1. The electronic configuration 1s2 2s2 2p6 3s2 3p5 corresponds to the atom
1. Aluminum 2. Nitrogen 3. Chlorine 4. Fluorine
2. The eight-electron outer shell has a particle
1. P3 + 2. Mg2 + 3. Cl5 + 4. Fe2 +
3. The ordinal number of the element, the electronic structure of the atom of which is 1s2 2s2 2p3, is
1. 5 2. 6 3. 7 4. 4
4. The number of electrons in the copper ion Cu2 + is
1. 64 2. 66 3. 29 4. 27
5. A similar configuration of the external energy level has nitrogen atoms and
1. Sulfur 2. Chlorine 3. Arsenic 4. Manganese
6. Which compound contains a cation and an anion with the electronic configuration 1s2 2s2 2p6 3s3 3p6?

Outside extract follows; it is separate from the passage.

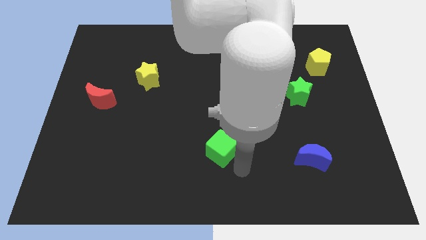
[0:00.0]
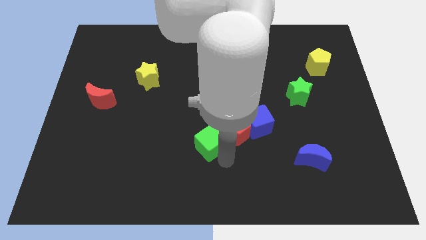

1. NaCl 2. NaBr 3. KCl 4. KBr
7. The number of electrons in the iron ion Fe2 + is
1. 54 2. 28 3. 58 4. 24
8. The electronic configuration of an inert gas has an ion
1. Cr2 + 2. S2- 3. Zn2 + 4. N2-
9. A similar configuration of the external energy level has fluorine atoms and
1. Oxygen 2. Lithium 3. Bromine 4. Neon
10. The element, the electronic formula of the atom of which is 1s2 2s2 2p6 3s2 3p4, corresponds to a hydrogen compound
1. HCl 2. PH3 3. H2S 4. SiH4
In this note, we used tasks from the collection of the USE 2016, edited by A.A. Kaverina.